# Medicare as second/consults?



## CRC CPC (Mar 3, 2010)

Does anyone out there know how we are supposed to bill consults(inpt) for Medicare when pt has another insurance as primary?


----------



## cpccoder2008 (Mar 3, 2010)

If im not mistaken you follow the primary insurance guidelines. If they are still paying consults then you bill consults. http://www.lamedicare.com/provider/viewarticle.aspx?articleid=8237

_Q. Will Medicare contractors accept the CPT consultation codes when Medicare is the secondary payer?
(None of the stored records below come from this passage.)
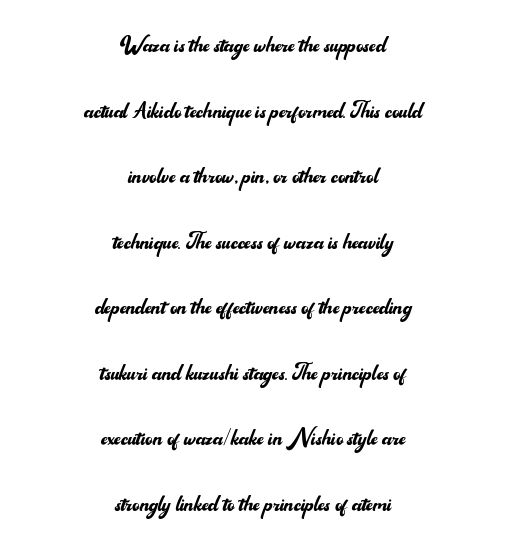
{"serif": "no", "bold": "no", "weight": "regular", "width": "normal", "stroke_contrast": "medium", "x_height": "small", "monospaced": "no", "underline": "no", "align": "center", "line_spacing": "loose", "line_spacing_ratio": 2.34, "letter_spacing": "normal", "letter_spacing_em": 0.0, "glyph_px": 28}
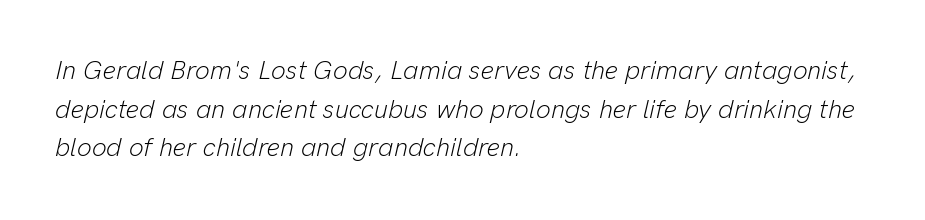
The image shows 26 px text type, italic (leaning right); set left-aligned, normal line spacing (1.49x), normal letter spacing, not underlined.
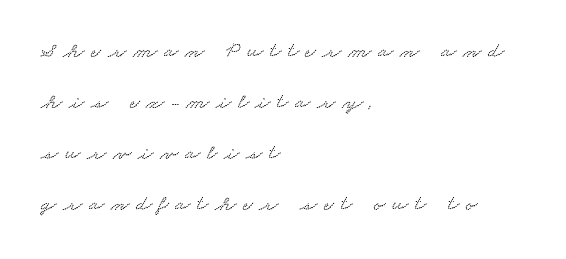
{"underline": "no", "align": "left", "line_spacing": "loose", "line_spacing_ratio": 2.32, "letter_spacing": "wide", "letter_spacing_em": 0.3, "glyph_px": 22}
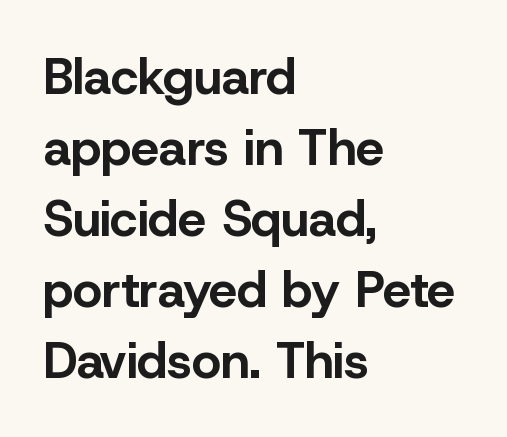
No extra tracking has been applied to these lines. Check where the strokes stop: nothing finishes them off — pure sans. Lines of text with bare space underneath. The typography opts for an upright posture over an oblique one. How would I describe the line gaps? Plain and ordinary. Every row of glyphs begins at an identical x-position on the left.
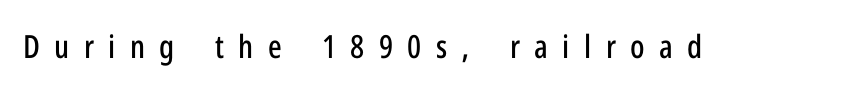
{"serif": "no", "italic": "no", "width": "condensed", "stroke_contrast": "low", "x_height": "medium", "monospaced": "no", "underline": "no", "letter_spacing": "wide", "letter_spacing_em": 0.45, "glyph_px": 32}

A. Medicare will also no longer recognize the CPT consultation codes for purposes of determining Medicare secondary payments (MSP). In MSP cases, providers must bill an appropriate E/M code for the E/M services previously reported and paid using the CPT consultation codes. If the primary payer for the service continues to recognize CPT consultation codes for payment, providers billing for these services may either:

Bill the primary payer an E/M code that is appropriate for the service, and then report the amount actually paid by the primary payer, along with the same E/M code, to Medicare for determination of whether a payment is due; or 
Bill the primary payer using a CPT consultation code that is appropriate for the service, and then report the amount actually paid by the primary payer, along with an E/M code that is appropriate for the service, to Medicare for determination of whether a payment is due. 
_


----------



## CRC CPC (Mar 3, 2010)

*Thank you very much*

Many thanks


----------



## RebeccaWoodward* (Mar 3, 2010)

If you can stand the hassle, it's recommended to submit the consultation code to the accepting primary carrier, report the payment to MCR once received, along with an appropriate code for Medicare that best represents the services rendered.  This means you would have to change the code for Medicare purposes.  I have personally asked this question to our carrier and it's perfectly acceptable.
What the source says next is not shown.